I never learned how to play chess. Every time I remind my dad of this fact, he's surprised – he adores chess and swears he taught me how to play, at least once, and he probably did. That doesn't mean I learned anything. Chess involves a lineup of pieces with individual rules, boundaries and strengths, and learning each of their moves and how they all dance together is still a daunting task to me. I like simplicity in my strategy. Checkers is nice.

I still don't fully understand The Banner Saga, much in the way I don't fully understand chess. The turn-based strategy aspect of The Banner Saga runs deep, starring warriors with complex abilities, and it's paired with a different lineup of comrades for each battle, if you wish. The story that threads through these battles is similarly complicated, layered with alliances, deaths, epic backstories and fantasy, and the rigorous task of leading groups of half-giants and men across the vast, wintry landscape of ancient Viking legend.

I know that I'm missing the finer details that comprise The Banner Saga. There are story elements I've glossed over in pursuit of battles, and battles I've passed by while chasing the intricate story, but still I'm swept up in the icy, epic fantasy of developer Stoic's universe. Just as I respect chess for its complexity, I admire The Banner Saga for everything that I do – and don't – see in it.

The Banner Saga is staged in a mystical, mountainous land where humans co-exist in a tentative alliance with varl, half-giants with goat-like horns sprouting from their foreheads, like permanent Viking helmets. The scenery is hand-drawn and gorgeous, as if ripped from the pages of an illustrated Lord of the Rings. The game's map looks as if Tolkien drew it himself, elongated, turreted letters and all.

The story, too, is a classic, fantasy epic with a brilliant conceit: The gods are dead and all sentient beings must reconcile this spiritual gap without falling into war with one another. The varl and humans have a dark history of fighting each other, but they have banded together to defeat a more villainous race, the dredge. Dredge are huge, stony creatures intent on slaughtering men and varl, but for years they've lain dormant, following two great wars that ended in their defeat. As The Banner Saga begins, dredge have started to reappear in villages and forests, killing anyone they encounter.

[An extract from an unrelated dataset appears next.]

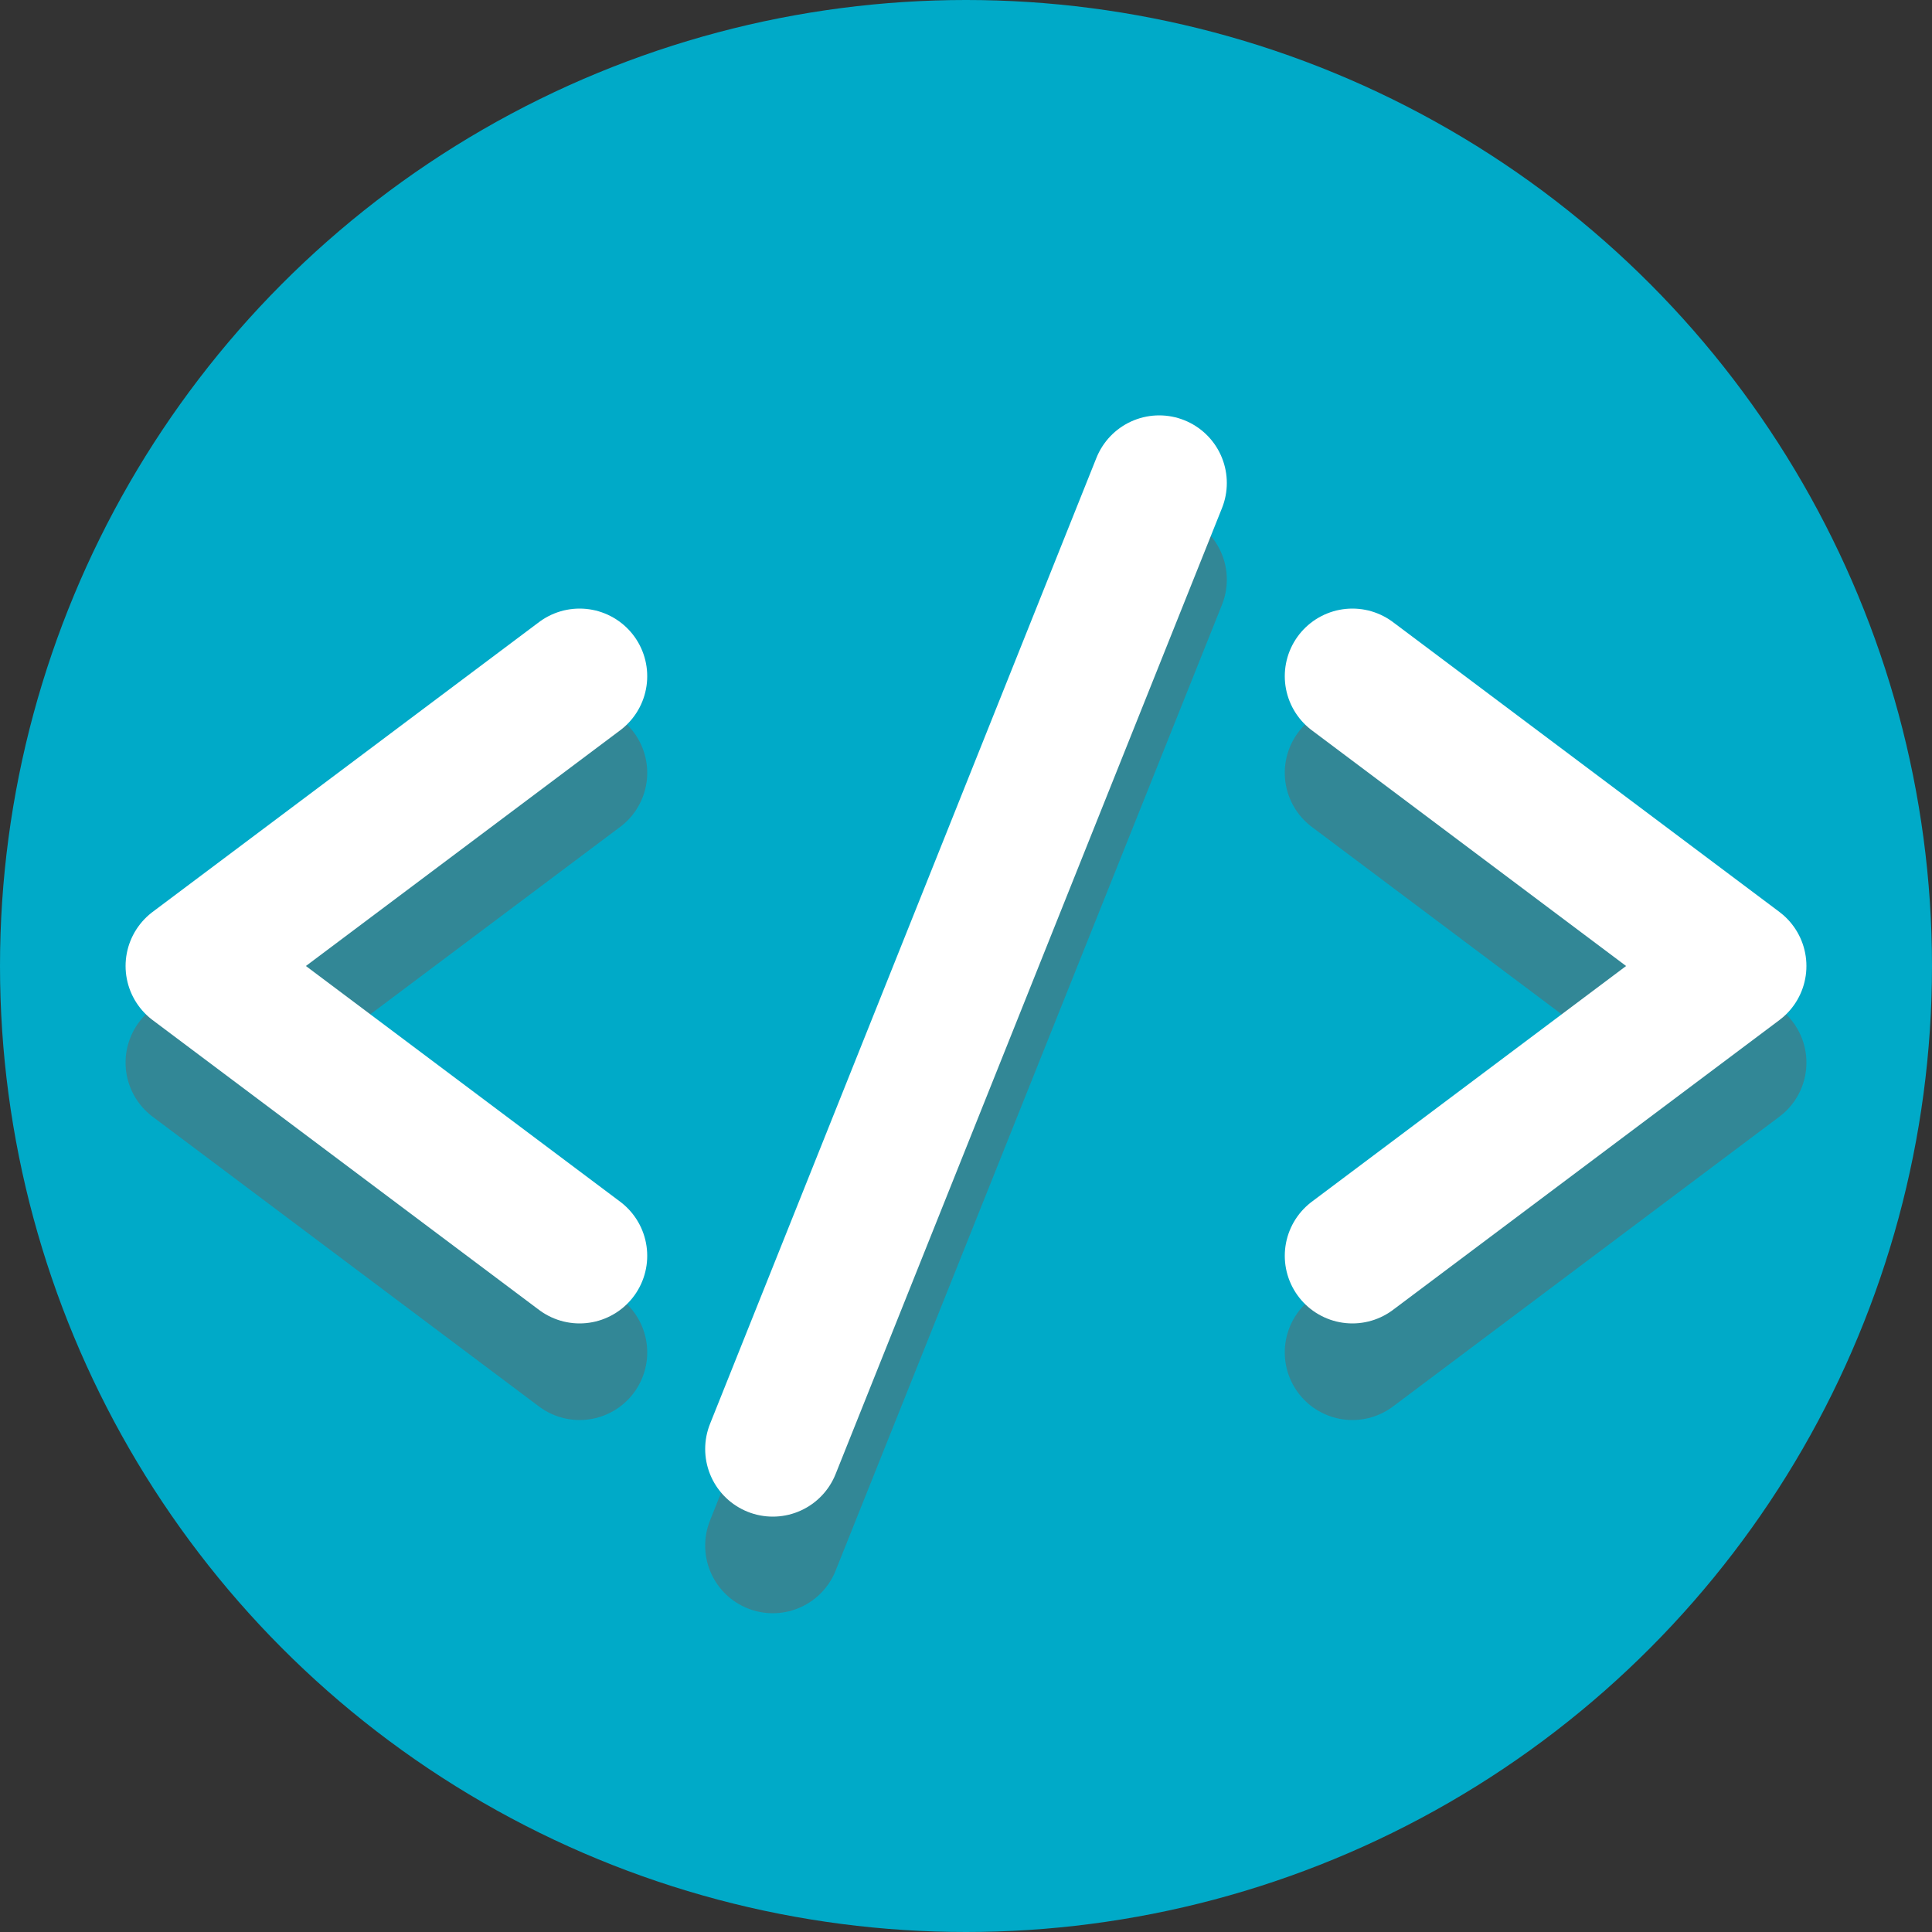 <svg width="100" height="100" viewBox="0 0 100 100" fill="none" xmlns="http://www.w3.org/2000/svg"><rect x="0" y="0" width="100" height="100" fill="#333333" stroke="none"/><ellipse cx="50" cy="50" rx="50" ry="50" style="fill:rgb(0, 170, 200);"/><path d="M30 40 L10 55 L30 70" fill="none" style="stroke:rgba(100, 100, 100, .5);stroke-width:7" stroke-linecap="round" stroke-linejoin="round"/><path d="M70 40 L90 55 L70 70" fill="none" style="stroke:rgba(100, 100, 100, .5);stroke-width:7" stroke-linecap="round" stroke-linejoin="round"/><line x1="40" y1="80" x2="60" y2="30" style="stroke:rgba(100, 100, 100, .5);stroke-width:7" stroke-linecap="round"/><path d="M30 35 L10 50 L30 65" fill="none" style="stroke:rgb(255, 255, 255);stroke-width:7" stroke-linecap="round" stroke-linejoin="round"/><path d="M70 35 L90 50 L70 65" fill="none" style="stroke:rgb(255, 255, 255);stroke-width:7" stroke-linecap="round" stroke-linejoin="round"/><line x1="40" y1="75" x2="60" y2="25" style="stroke:rgb(255, 255, 255);stroke-width:7" stroke-linecap="round"/></svg>

This scourge reveals a story larger than any war among men, varl and dredge, one to rival the history of the gods, complete with menders that can pull lightning from the ground and a colossal serpent scared of something even bigger and darker than itself.

It gets weird.

The Banner Saga is half RPG, half turn-based strategy, focused on two groups of travelers as they fight off rivers of dredge and attempt to find sanctuary in an increasingly hopeless world. I bond mostly with the group led by Rook, a man who falls into power after his chieftain dies in battle. He's a reluctant leader reminiscent of Tolkien's Aragorn (complete with shaggy brown hair and beard), and it may be this comparison that makes his story stick in my mind. He travels with his daughter, Alette, and a caravan of travelers that at times reaches close to 1,000 men and varl.

As the leader of a caravan, Rook must deal with quarrels, sickness, rationing supplies, maintaining morale and deciding when to battle and when to take the high road. His actions kill or save people, both willing fighters and frightened civilians alike. It's stressful and I don't always make the wisest decisions – I've been thrown into this role as much as Rook has.

The leader's choices directly impact immediate events. At one juncture, Rook's caravan is camped out on the soggy banks of an unfriendly town, and his group is low on food and scared of attack. I have the option to walk across the muddy edges of the river, try to float our wagons and people across, or take a long, roundabout path to avoid the water completely. Feeling nostalgic for Oregon Trail, I decide to float.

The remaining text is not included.